_Work instructions_: Every line below must be copied as written, except for pictures.

__________

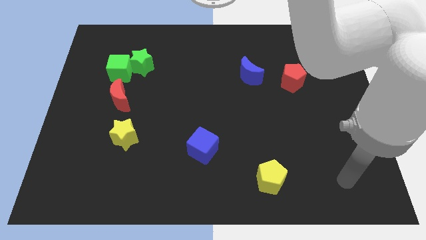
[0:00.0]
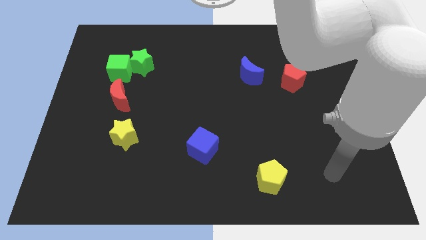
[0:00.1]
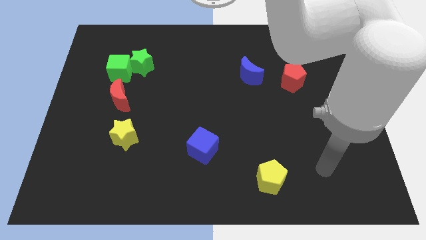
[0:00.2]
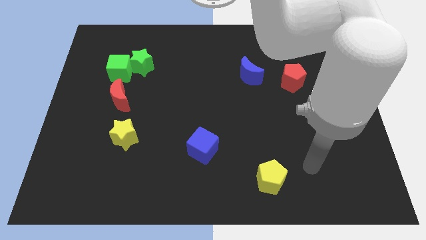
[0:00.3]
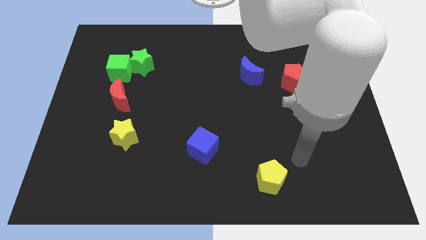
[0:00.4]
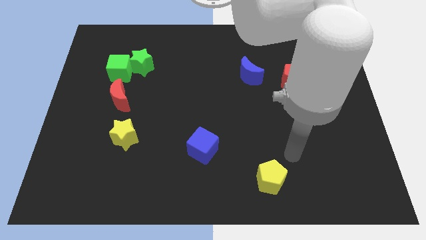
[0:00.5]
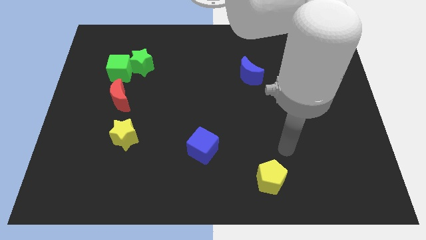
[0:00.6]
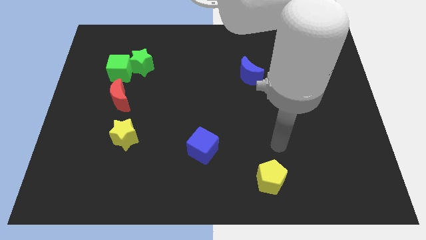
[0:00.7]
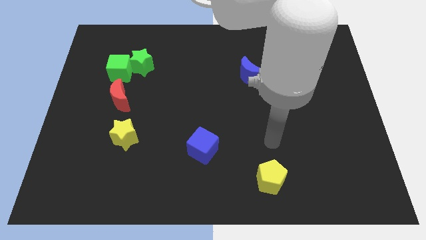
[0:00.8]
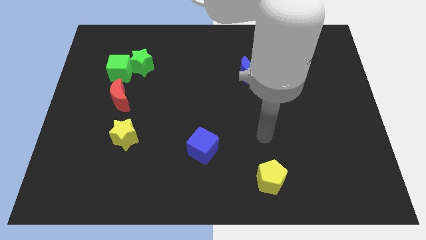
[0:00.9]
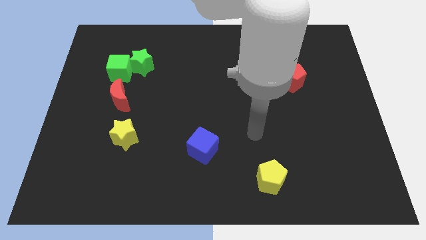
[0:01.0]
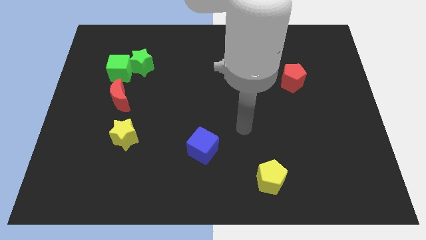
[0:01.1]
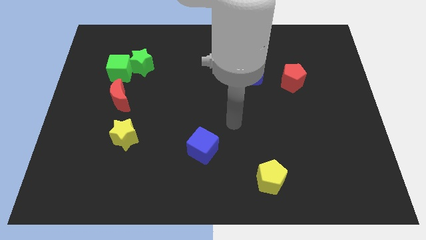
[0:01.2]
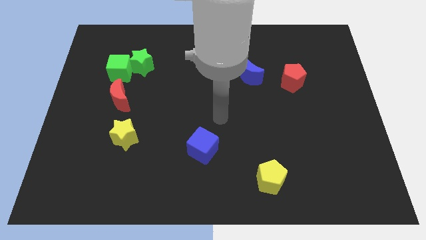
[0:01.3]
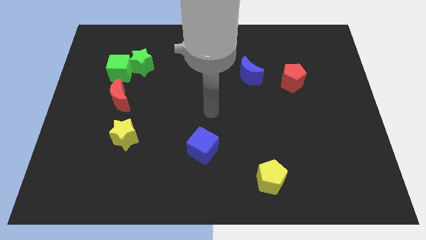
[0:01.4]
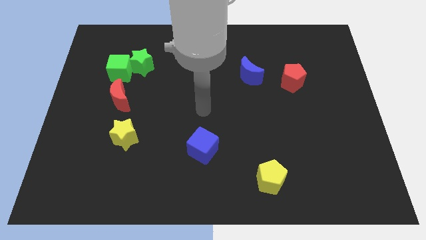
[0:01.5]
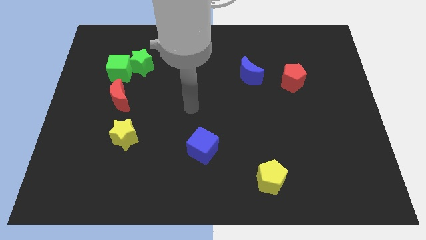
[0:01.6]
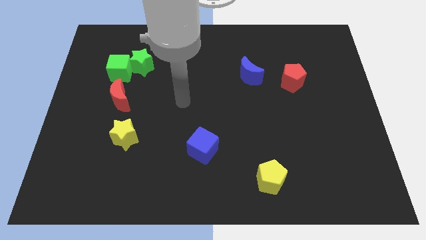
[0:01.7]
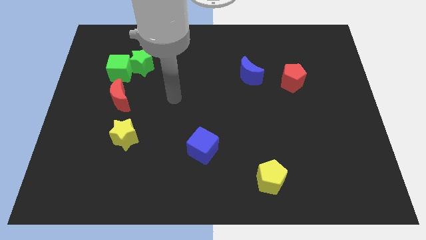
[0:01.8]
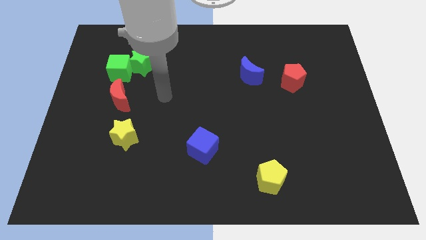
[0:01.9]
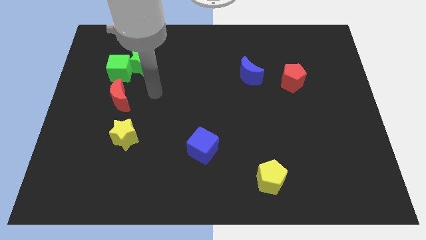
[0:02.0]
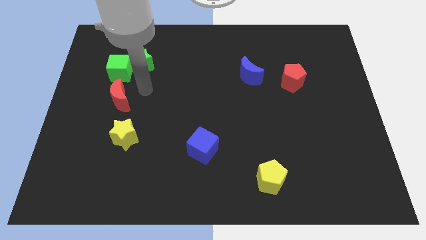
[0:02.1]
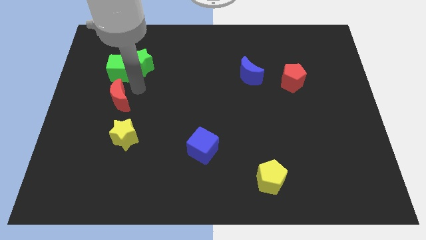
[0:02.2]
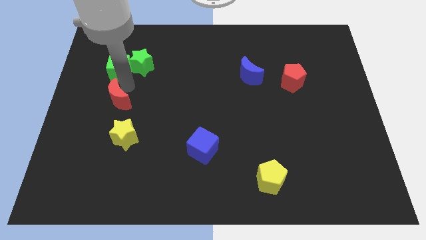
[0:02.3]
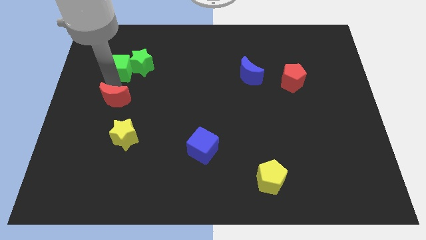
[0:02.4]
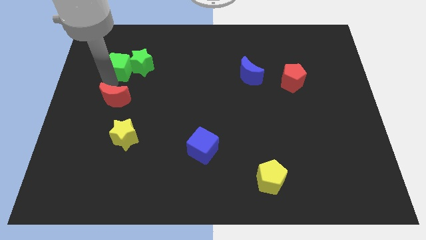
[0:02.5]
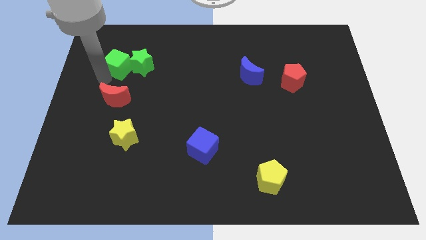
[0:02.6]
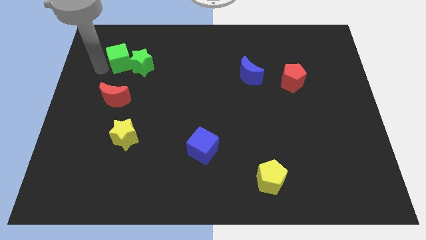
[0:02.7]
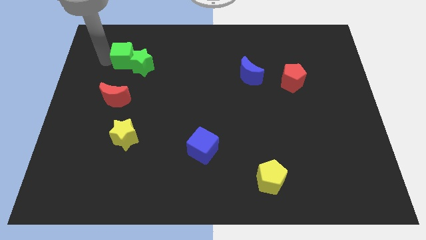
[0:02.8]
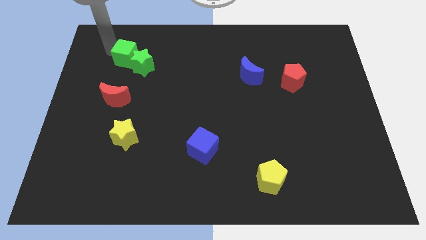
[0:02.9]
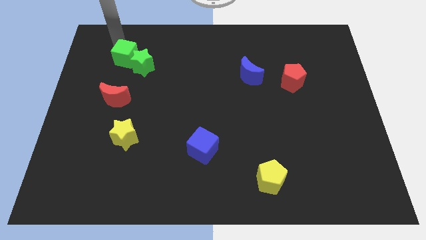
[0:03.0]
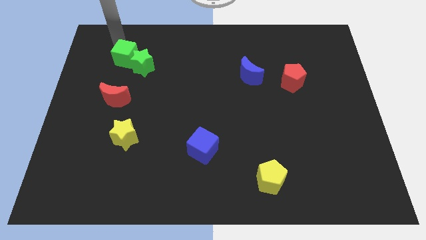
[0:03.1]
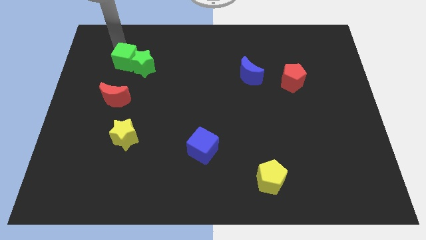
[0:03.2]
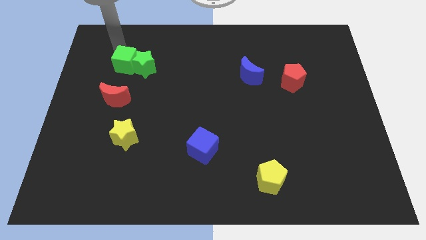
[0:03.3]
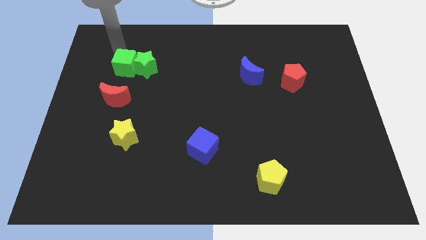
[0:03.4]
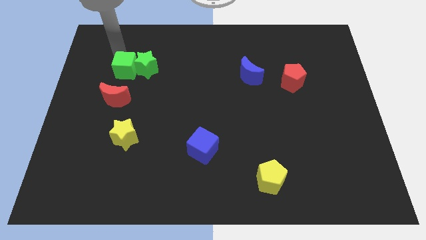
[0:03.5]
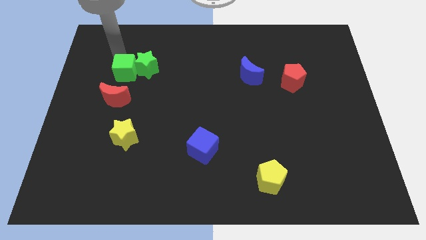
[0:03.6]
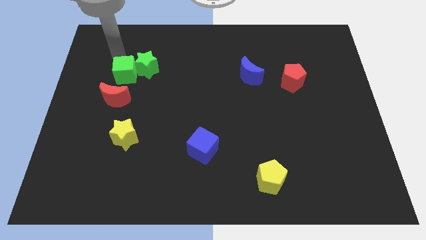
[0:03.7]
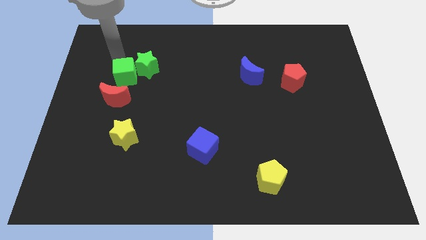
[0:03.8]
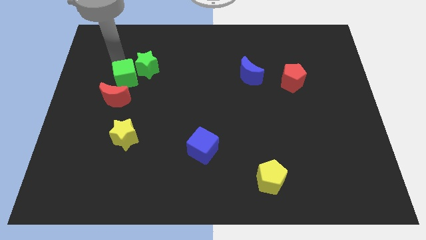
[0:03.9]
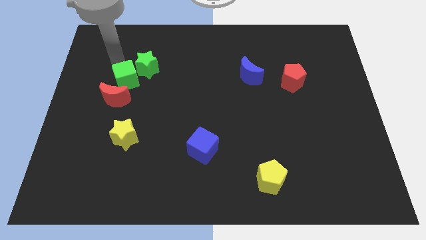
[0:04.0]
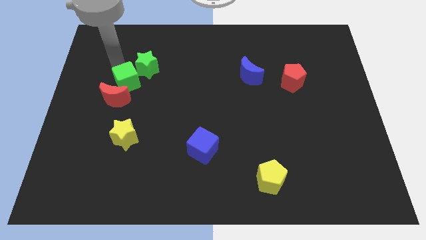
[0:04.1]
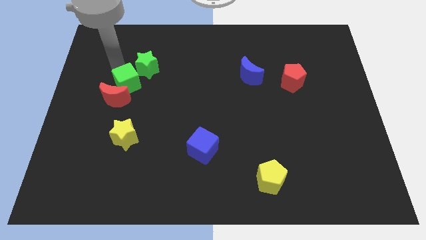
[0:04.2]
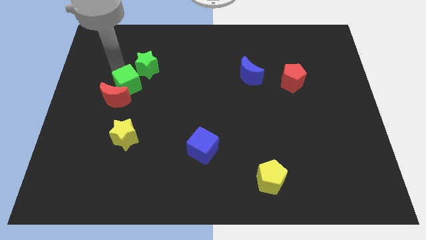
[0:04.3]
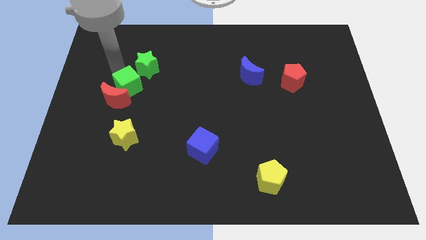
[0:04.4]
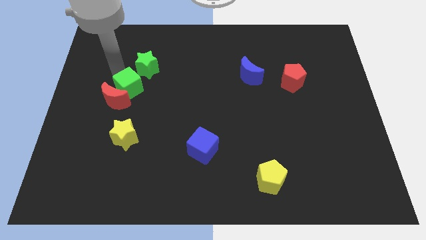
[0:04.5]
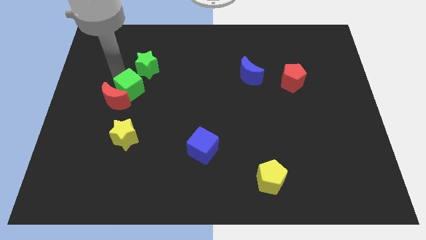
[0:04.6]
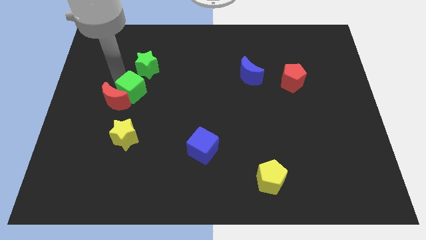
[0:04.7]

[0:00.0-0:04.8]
push the green cube a little bit diagonally downwards and right

__________

_Response to the exercise_:
[0:00.0]
[0:00.1]
[0:00.2]
[0:00.3]
[0:00.4]
[0:00.5]
[0:00.6]
[0:00.7]
[0:00.8]
[0:00.9]
[0:01.0]
[0:01.1]
[0:01.2]
[0:01.3]
[0:01.4]
[0:01.5]
[0:01.6]
[0:01.7]
[0:01.8]
[0:01.9]
[0:02.0]
[0:02.1]
[0:02.2]
[0:02.3]
[0:02.4]
[0:02.5]
[0:02.6]
[0:02.7]
[0:02.8]
[0:02.9]
[0:03.0]
[0:03.1]
[0:03.2]
[0:03.3]
[0:03.4]
[0:03.5]
[0:03.6]
[0:03.7]
[0:03.8]
[0:03.9]
[0:04.0]
[0:04.1]
[0:04.2]
[0:04.3]
[0:04.4]
[0:04.5]
[0:04.6]
[0:04.7]

[0:00.0-0:04.8]
push the green cube a little bit diagonally downwards and right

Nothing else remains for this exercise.